William Emporia Allen White was my first thought, on account of his having a middle name, which always sounds Literary, even if its owner is not. Then I had heard he himself had written a Book once, and by now should know what Introductions should not be. Then he went home and announced himself as a Candidate for Governor. So that eliminated him from my thoughts. To have a big broad-minded book have any narrow Political endorsement would mean certain calamity among people who think. To run for Governor is bad enough, But to run for Governor of Kansas and then write an Introduction of my worthy efforts, would simply make the book a laughing stock.
Then my thoughts turned to Arthur Brisbane, I don’t know what I could have been eating that my thoughts should have done such a mental somersault. But I guess it was because I had known Arthur for years,—I knew him before William Randolph Hearst started working for him. I approached him on it, and he said, Sorry Will but what I write must point a moral, there must be a lesson in every paragraph; mine must not only be news but it must be instructive news. For instance, I read China will not go to war on rainy days. What does that bit of news mean to the individual that dont think? Nothing! What does it mean to me? It means that a Chinaman would rather get shot than wet. It points a moral to peace: Have all so-called civilized Nations stop wars on rainy days. Then hold all wars in Portland, Oregon where it rains every day, and you will eliminate Wars and have universal Peace.
So he could see no particular Moral in writing an Introduction to my book, unless it was that Books should not depend entirely on their introductions as they do now. So I next thought of my friend Irvin Cobb. I had set next to him at so many Speakers Tables, at banquets, and had always given him any little extras that I might not want. Ice Cream and Sweets and things like that he just loves and ruins them at a Banquet. Well he was going Duck shooting down in Louisiana and said he wouldn’t miss one Duck for the pleasure of writing the Introduction to the Encyclopedia Brittanica. So you just let the old fat thing try to get my Ice Cream at another Banquet.
Of course Ring Lardner was one of my very first thoughts, because I knew he could add the little touch of comedy that the book really needed. I went to him and told him that I only wanted something light and airy, maybe just one good joke would do the trick and take away from the serious nature of the Book. He is not only a Humorist but has got plenty money to show that he is. He said before he shook hands with me, What is there in it? I said well this is just a kind of an honorary thing, a kind of courtesy from one Author to another. He then asked me why should he give me a joke for nothing? He could put the joke into his Sunday Newspaper Article; then he could put the joke into his weekly Newspaper Cartoon; then he could sell it to a Musical Comedy and they would tell it so bad it would sound new. Then the Movies would buy it and make a drama out of it; then he would still hold the Phonograph, and broadcasting rights, and after it got well enough known write a Song around it. So he said I would be a fine egg to give you a joke for nothing.

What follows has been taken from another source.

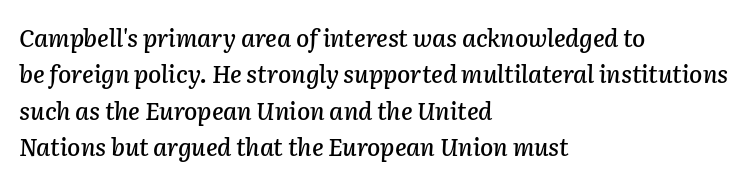
{"italic": "yes", "lean": "right", "slant_degrees": 2, "underline": "no", "align": "left", "line_spacing": "normal", "line_spacing_ratio": 1.52, "letter_spacing": "normal", "letter_spacing_em": 0.0, "glyph_px": 24}
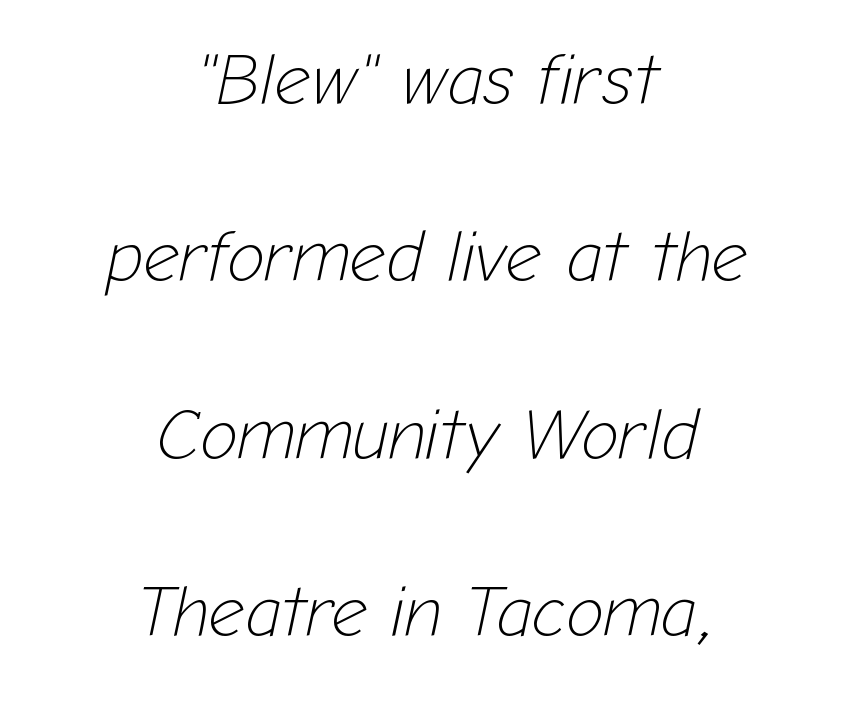
The rendering keeps characters at their native spacing. Students, observe: this is what heavily led, spacious text looks like. The typography opts for an oblique posture over an upright one. Underlining? Definitely not there. Letters have the restrained weight of plain body copy at most.

I wish that Spaniard Ibanez, that wrote the 4 Horsemen was over here, I know him well, I had read 5 or 6 of his Books and I was to a big reception given to him in Los Angeles, and during our conversations through an Interpreter he learned I had read so many of his Books. No one else he met there even among the Literary ones had ever read any but the 4 Horsemen, So when he went home he sent me an Autographed Copy which read “To an American Cowboy, the only person in America I found who had read all my Books.” The funny thing about it is that he is the only Author I ever read. Now if he was here he would write me an Introduction, But of course it would be in Spanish and nobody could read it, so I would be just as bad off as I am now.
I also know Elinor Glyn, I met her when she was out in California looking around for some one to cast as Paul in “Three Weeks.” She sent for me but I had just started on another new Picture. She could have cooked me up a hot Introduction. She would have draped the first few paragraphs with Tiger skins, and described me in such a way that I would have really looked like something. So I just says to myself, why monkey with these writers, why not write my own Introduction? So here goes.